Отправлять в отставку, даже почётную, ещё сравнительно молодого, бодрого, едва ли не самого популярного генерала царь, по-видимому, не хотел. От назначений же на должности, в которых он подчинялся бы новому министру, отказывался сам Куропаткин. Ему хотелось сохранить независимое положение. Начавшаяся война помогла разрешить проблему. В должности командующего Маньчжурской армией Алексей Николаевич, хотя и не в полной мере, обеспечивал себе независимость. Император, в свою очередь, избавлялся от неугодного министра. По свидетельству А. Ф. Редигера, тогда начальника Канцелярии Военного министерства, уставший от неопределённости столичной жизни, полной интриг, Куропаткин ждал этого назначения и был искренне рад ему. Указ о соответствующем назначении был подписан 7 февраля.

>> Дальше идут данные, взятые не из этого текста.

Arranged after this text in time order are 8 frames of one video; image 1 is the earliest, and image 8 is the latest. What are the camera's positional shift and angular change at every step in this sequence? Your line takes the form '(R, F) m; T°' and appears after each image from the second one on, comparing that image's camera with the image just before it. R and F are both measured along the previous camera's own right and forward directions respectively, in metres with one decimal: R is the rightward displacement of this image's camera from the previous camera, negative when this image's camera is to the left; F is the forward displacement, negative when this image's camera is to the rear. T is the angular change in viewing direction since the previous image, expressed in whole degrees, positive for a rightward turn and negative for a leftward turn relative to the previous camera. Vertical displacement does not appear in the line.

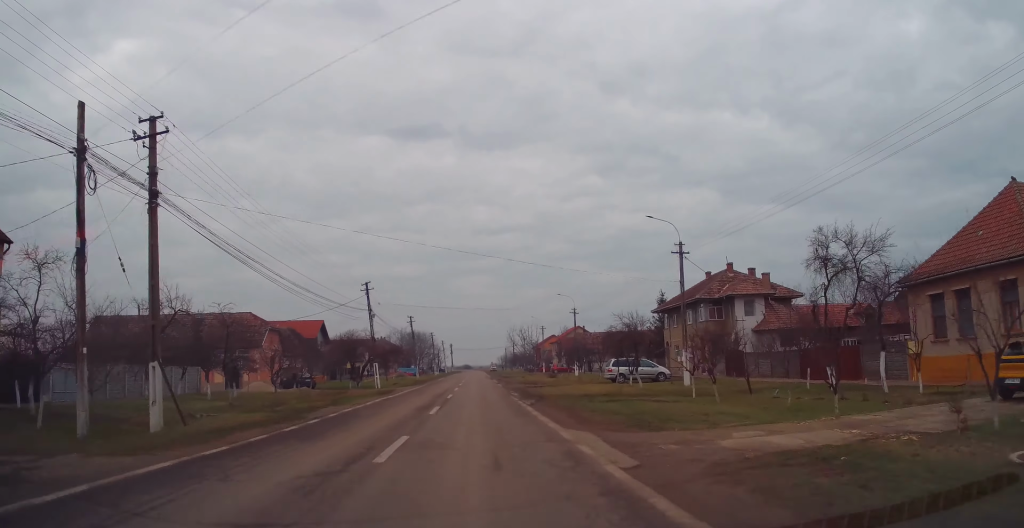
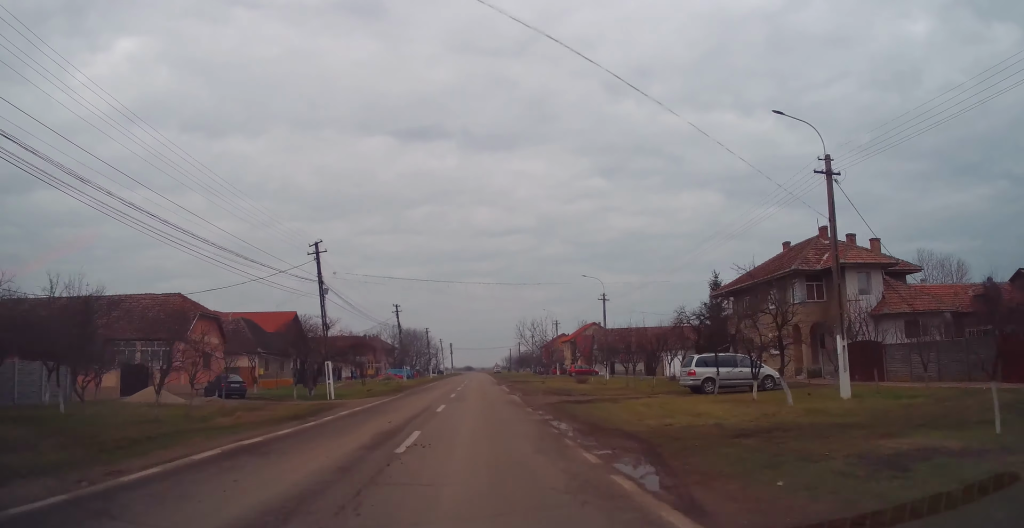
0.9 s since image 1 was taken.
(+0.1, +16.7) m; +1°
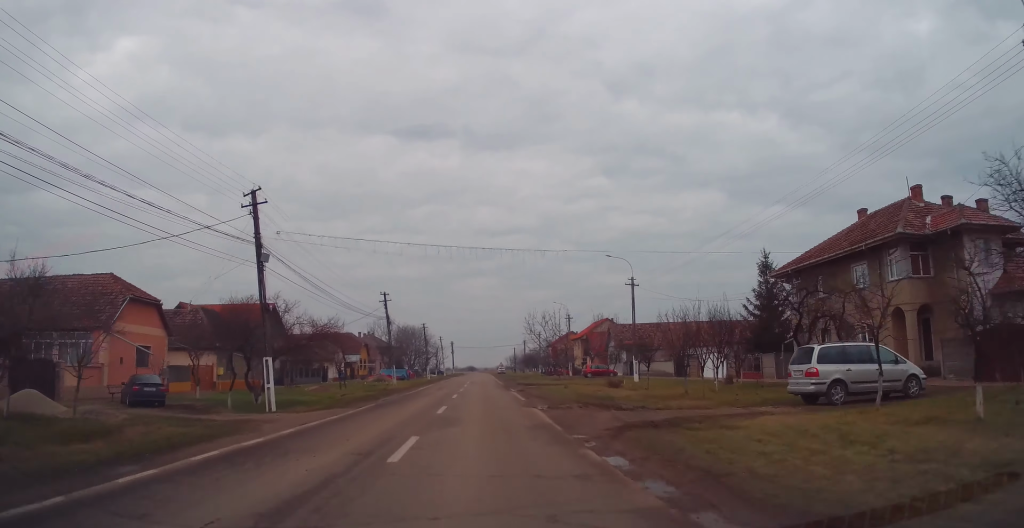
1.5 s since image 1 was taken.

Итак, Куропаткин стал командующим действующей армией отнюдь не потому, что пользовался особым доверием власть придержащих, а благодаря вполне заслуженной боевой репутации. Последовавший вслед за этим его полный провал на полководческом поприще представлял собой симптоматичное явление, отражавшее глубокий кризис в состоянии высшего командного звена русской армии конца XIX века. Примечательно, что война 1904;1905 гг. не выявила среди русских генералов ни одного крупного военного дарования, за исключением героя обороны Порт-Артура Р. И. Кондратенко. Любопытно и то, что впоследствии Куропаткин и другие безуспешные военачальники японской кампании упрекали друг друга практически в одних и тех же ошибках и пороках. Это обстоятельство весьма красноречиво свидетельствовало об общих недостатках в подготовке крупных военачальников, среди которых Алексей Николаевич был далеко не самым худшим.